Нужно быть справедливым к Диаваре. Ему тридцать четыре года, из них тридцать три он прожил как цветной подданный во французской колонии. Его жизнь была жизнью без отчизны, без отдыха. Неутомим он и сегодня. Теперь у Диавары домик на краю города, потому что он, по его словам, не терпит шума. Наш гид страстно любит охоту, про которую может рассказывать истории более фантастические, чем сам барон Мюнхгаузен; он избегает алкоголя по той причине, что мусульманин никогда не должен брать в рот спиртного, и, наморщив лоб, молча смотрит мимо, когда пьют другие. Со скрежетом переключая скорости нашего драндулета, в попытке преодолеть гору по дороге на Кулубу, он продолжает разговор на излюбленную тему:
— В целом они подлецы, месье. Сначала они посылают белых патеров, миссионеров, словно дело идет только о религии. Затем приходят солдаты и торговцы. И в один прекрасный день, проснувшись, обнаруживаешь, что ты живешь в колонии. Все французы — подлецы.
— Совершенно верно, — бросаю я, — все верно, за исключением последнего.
— Ах, месье! — возражение Диавары звучит как философский вздох. Потом он замолкает и пытается выжать все до предела из своего «бебе», этого дряхлого ящика, а горе все нет конца. Возможно, Диавара точно знает, что накопившийся гнев еще раз поможет ему достигнуть цели.

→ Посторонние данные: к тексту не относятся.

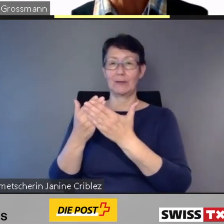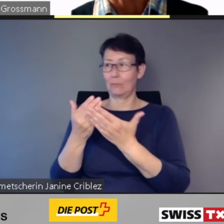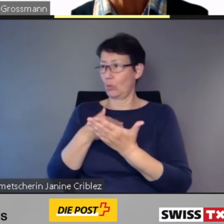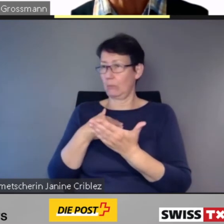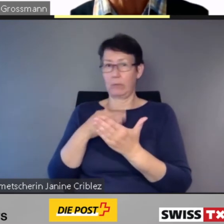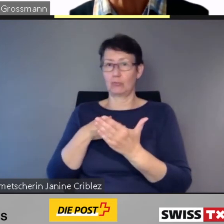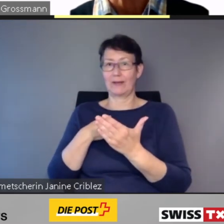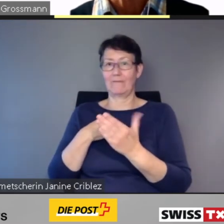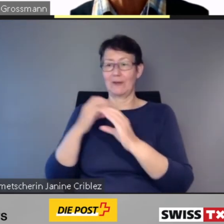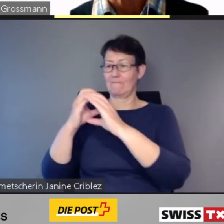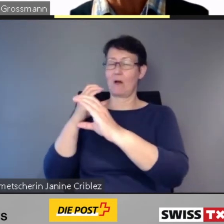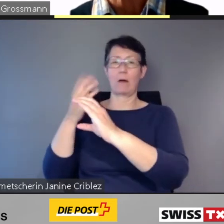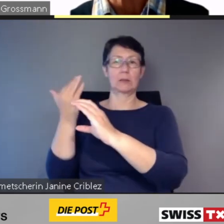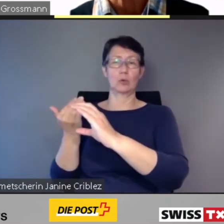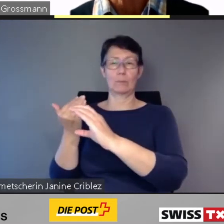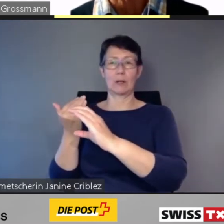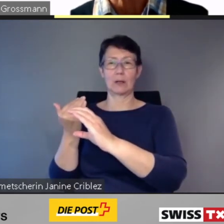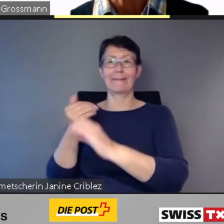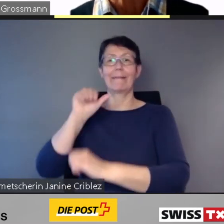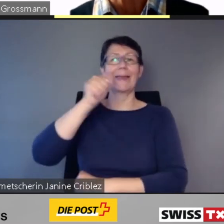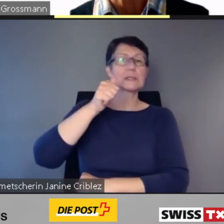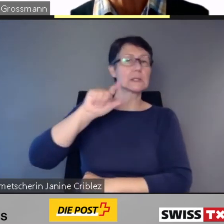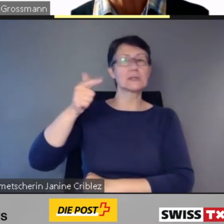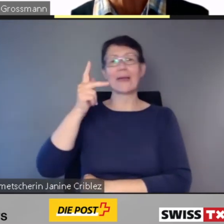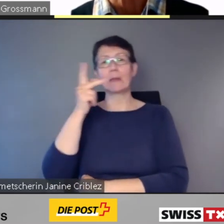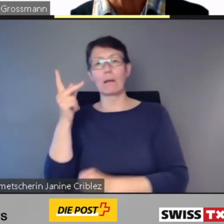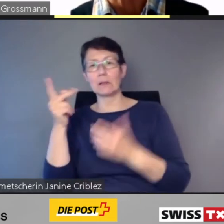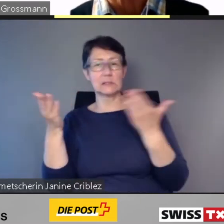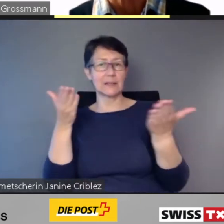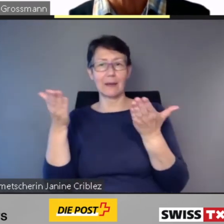Also die Wagennummer, die Klasse.

Нужно быть справедливым к Диаваре, когда он в маленьком городе Кати, удаленном от Бамако на пятнадцать километров, превращается в пламенного агитатора, в пылкого патриота, преодолевая даже привитую ему с детства мусульманскую идеологию кисмета — судьбы… Он ведет нас в старый квартал с кривыми узкими улочками, где вперемежку стоят ящикообразные глинобитные дома и круглые крестьянские хижины. Куры вырыли себе ванны в теплой земле переулка; мальчик тянет козу из одного дома в другой; осел, прижавшись к глиняной стене, сонно лежит в тени и, скучая, смотрит нам вслед. Из-за угла прямо на нас выскакивают голые и полуголые, припудренные пылью детишки. «Бонжур, месье, бонжур», — галдят они хором и, как все дети, останавливаются только тогда, когда их прогоняет Диавара. Он никогда не потерпит, чтобы Хельга фотографировала подобных детей; я не могу больше видеть голого ребенка, чтобы не вспомнить торжественные слова Диавары о достоинстве его страны. Нужно быть справедливым, хотя это не всегда легко. Кто тридцать три года своей жизни видел честь своей страны, растоптанной в грязи, того нельзя осуждать, если он иногда святое понятие достоинства носит перед собой как фетиш.
— Здесь воняет, — замечает Хельга, принюхиваясь, — только чем? Ты не чувствуешь? Рыбой? Тухлой, сушеной, гнилой?..
Диавара останавливается среди раскаленного переулка.